Hancock on the transfer-printed Worcester porcelain uses the signature "R.H", "R.H.fecit", "R.Hancock fecit Worcester", "R. Hancock" (or just Hancock) "fecit", and other variations. The mark of Richard Holdship of the Worcester works was an anchor rebus, and the two marks sometimes occur together on the same piece of porcelain. Hancock's work often involved garden-scenes, milkmaid-scenes, and figures and half-lengths (especially of Frederick the Great).

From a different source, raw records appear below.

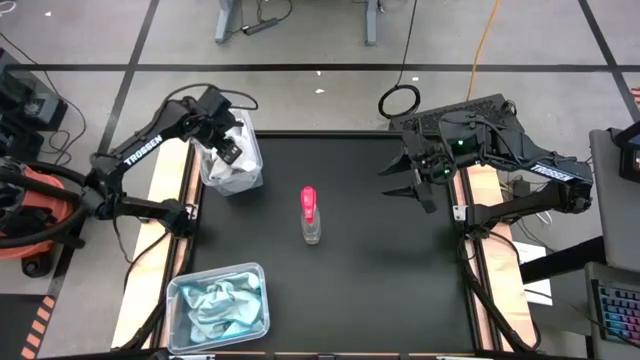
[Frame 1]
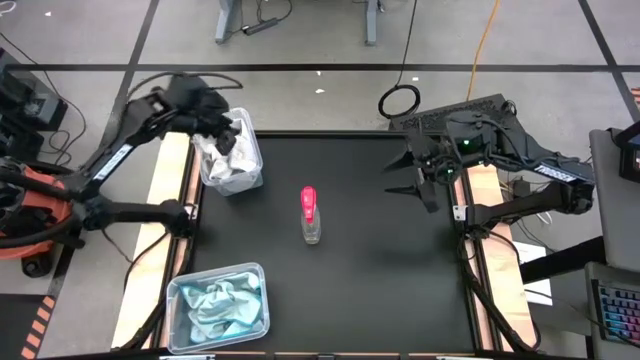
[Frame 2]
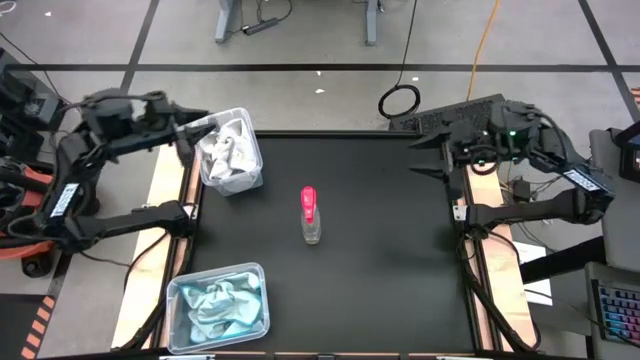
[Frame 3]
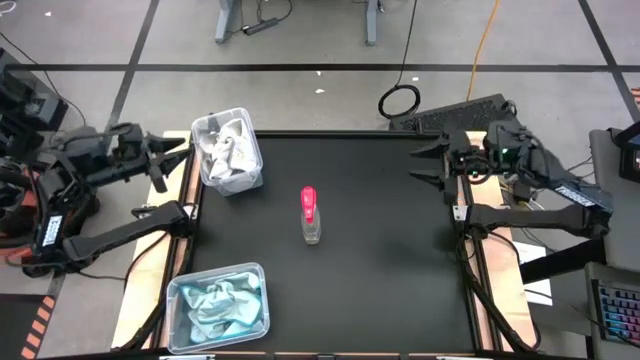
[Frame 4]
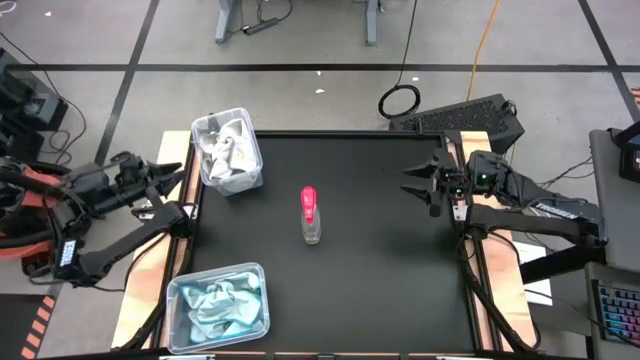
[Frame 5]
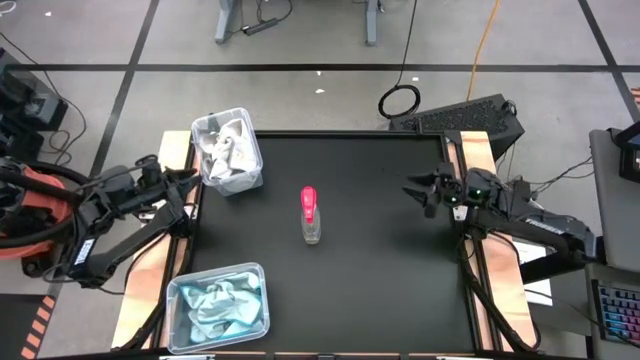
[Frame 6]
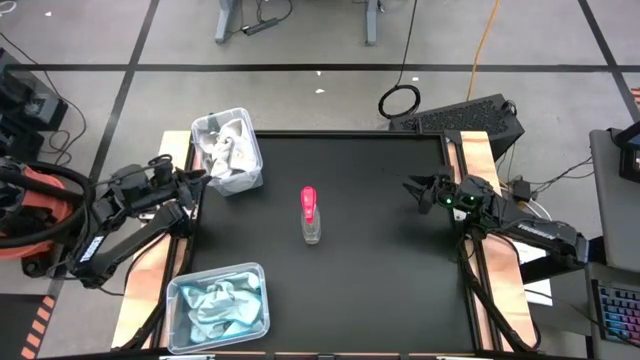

After switching to the medium of paper, Hancock engraved, after Sir Joshua Reynolds, portraits of General William Kingsley, Lady Chambers, Miss Day (Lady Fenhoulet), Mark Noble (1784); after Joseph Wright of Derby, portraits of William Hopley, verger of Worcester Cathedral, of Wright, and of himself; and a portrait of John Wesley (1790), after J. Miller. About 1796, in Bristol, he drew small crayon portraits engraved by Richard Woodman for Joseph Cottle's Reminiscences: of Charles Lamb, William Wordsworth, Robert Southey, and Samuel Taylor Coleridge. These were purchased for the National Portrait Gallery in 1877.

Hancock also engraved plates in Valentine Green's History of Worcester, and the plates in a folio bible published by Pearson & Rollason of Birmingham.